BRIEF
Each line below from the "Recorded as frames" line through the "This frame comes 0.8 seconds after image 1." line, those two included, must be restated word for word; the pictures must not be.

PROVIDED INFORMATION
--------------------------------
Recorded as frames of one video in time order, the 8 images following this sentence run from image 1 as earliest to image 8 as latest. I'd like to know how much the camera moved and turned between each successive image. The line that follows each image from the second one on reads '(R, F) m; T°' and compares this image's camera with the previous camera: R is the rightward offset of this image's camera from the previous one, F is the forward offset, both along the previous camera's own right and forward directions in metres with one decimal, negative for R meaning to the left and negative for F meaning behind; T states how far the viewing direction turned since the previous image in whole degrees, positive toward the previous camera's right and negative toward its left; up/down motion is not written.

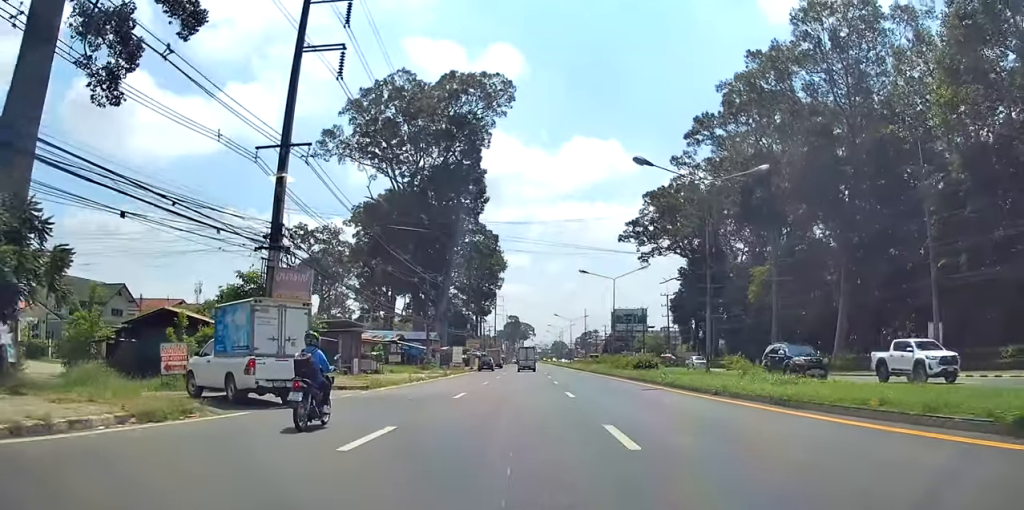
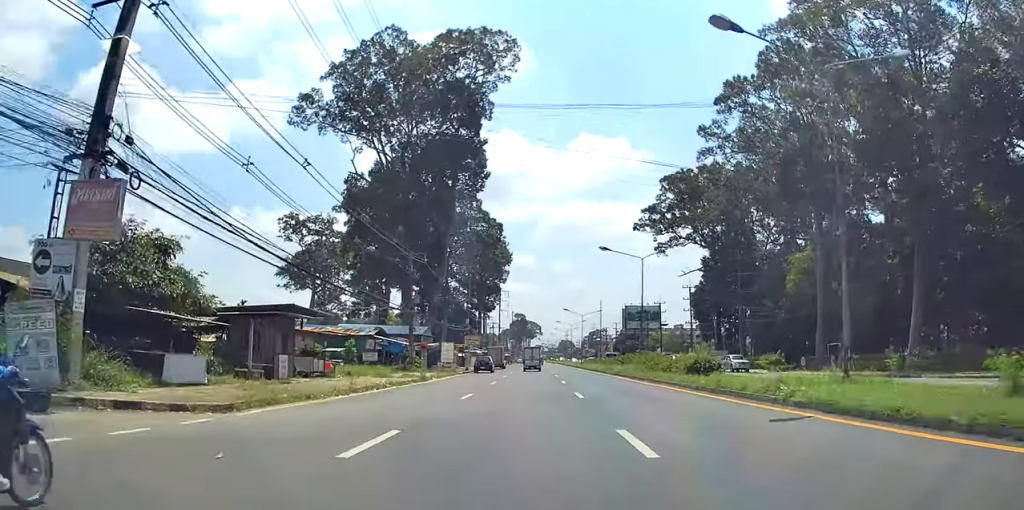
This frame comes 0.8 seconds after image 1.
--------------------------------
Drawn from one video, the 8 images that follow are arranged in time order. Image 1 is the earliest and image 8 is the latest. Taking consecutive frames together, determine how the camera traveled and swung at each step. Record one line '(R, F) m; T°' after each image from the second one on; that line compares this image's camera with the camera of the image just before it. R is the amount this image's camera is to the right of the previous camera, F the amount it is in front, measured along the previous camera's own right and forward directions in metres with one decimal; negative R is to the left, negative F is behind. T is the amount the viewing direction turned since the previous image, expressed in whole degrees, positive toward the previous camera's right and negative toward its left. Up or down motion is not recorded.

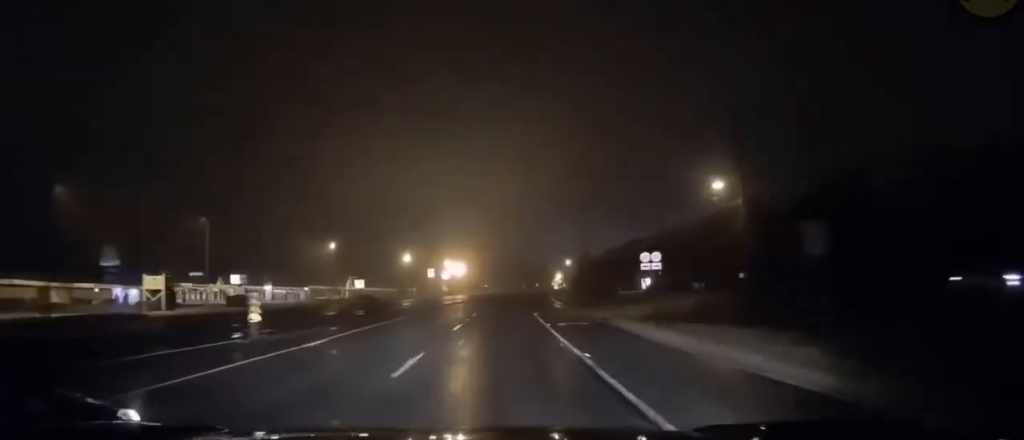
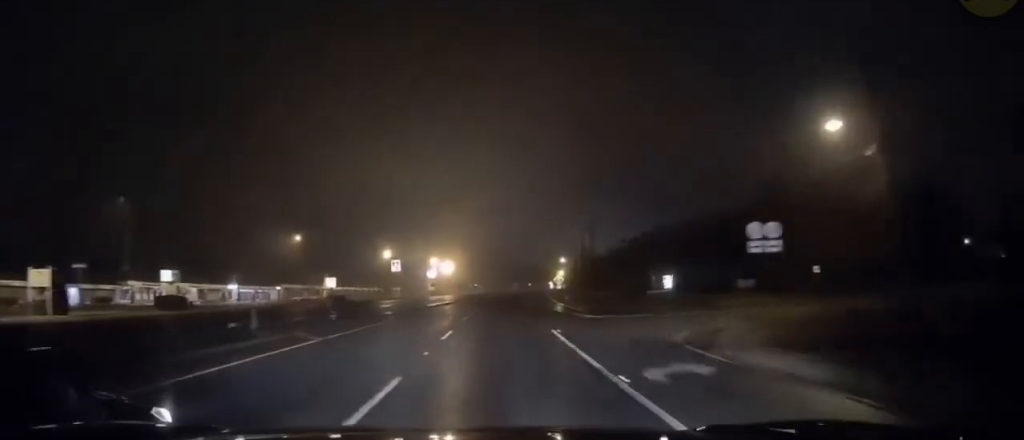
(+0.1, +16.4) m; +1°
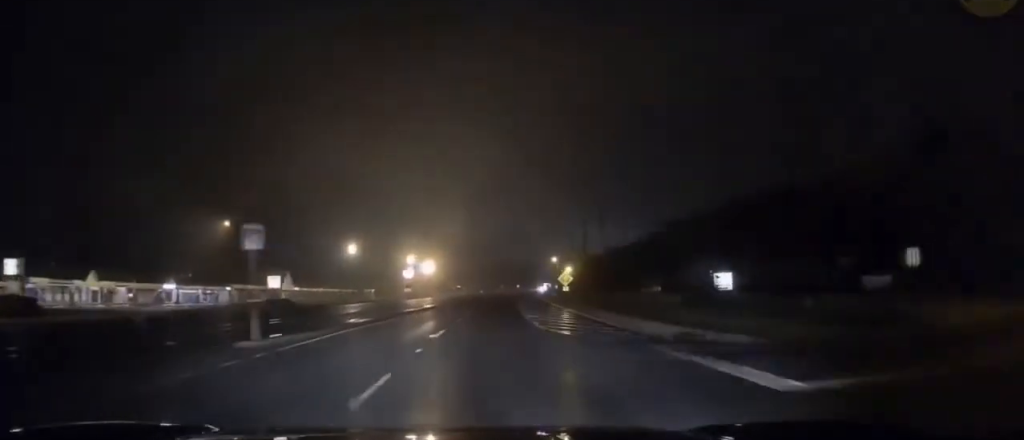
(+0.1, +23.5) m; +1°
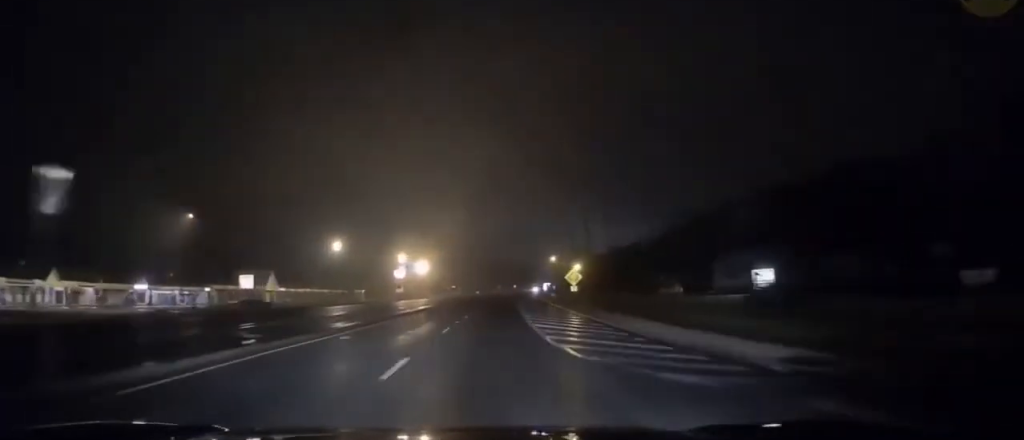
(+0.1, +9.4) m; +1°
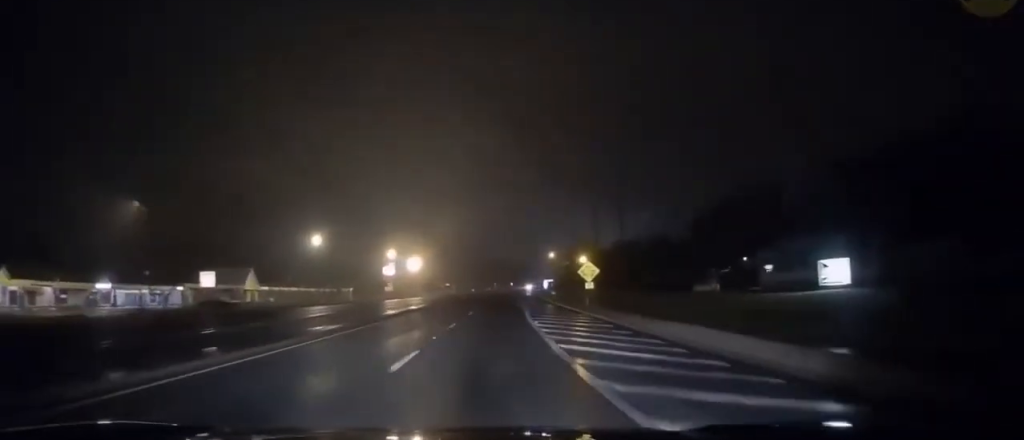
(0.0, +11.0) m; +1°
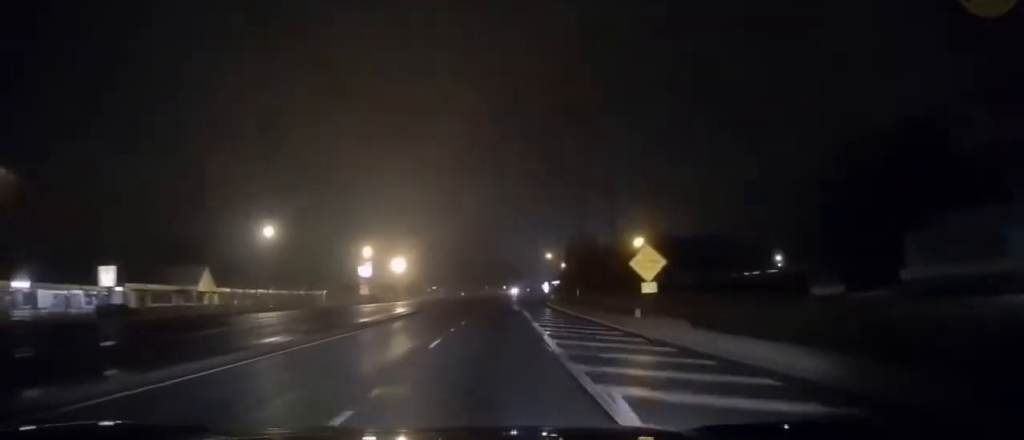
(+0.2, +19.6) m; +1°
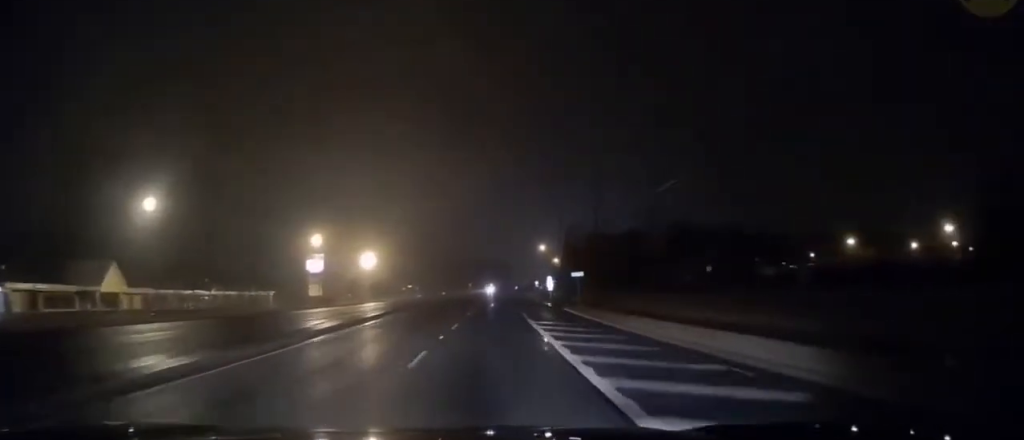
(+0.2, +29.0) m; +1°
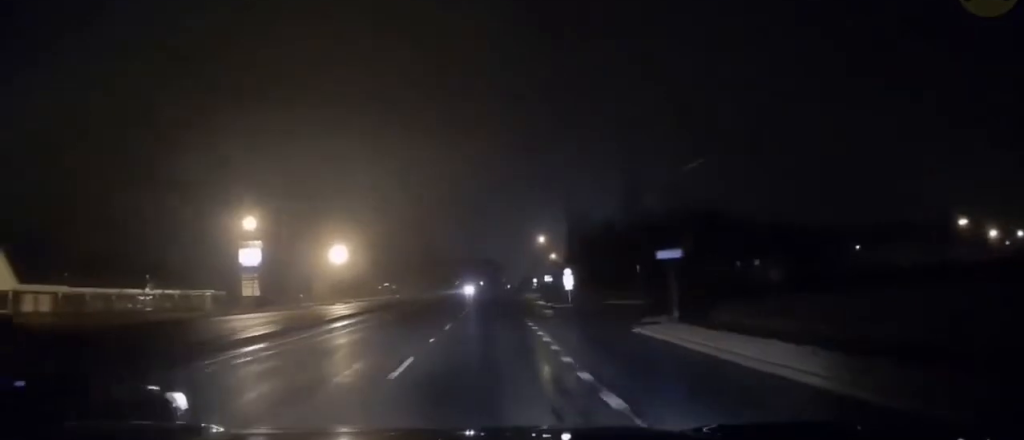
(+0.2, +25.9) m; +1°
--------------------------------
RESPONSE BOX
Recorded as frames of one video in time order, the 8 images following this sentence run from image 1 as earliest to image 8 as latest. I'd like to know how much the camera moved and turned between each successive image. The line that follows each image from the second one on reads '(R, F) m; T°' and compares this image's camera with the previous camera: R is the rightward offset of this image's camera from the previous one, F is the forward offset, both along the previous camera's own right and forward directions in metres with one decimal, negative for R meaning to the left and negative for F meaning behind; T states how far the viewing direction turned since the previous image in whole degrees, positive toward the previous camera's right and negative toward its left; up/down motion is not written.

This frame comes 0.8 seconds after image 1.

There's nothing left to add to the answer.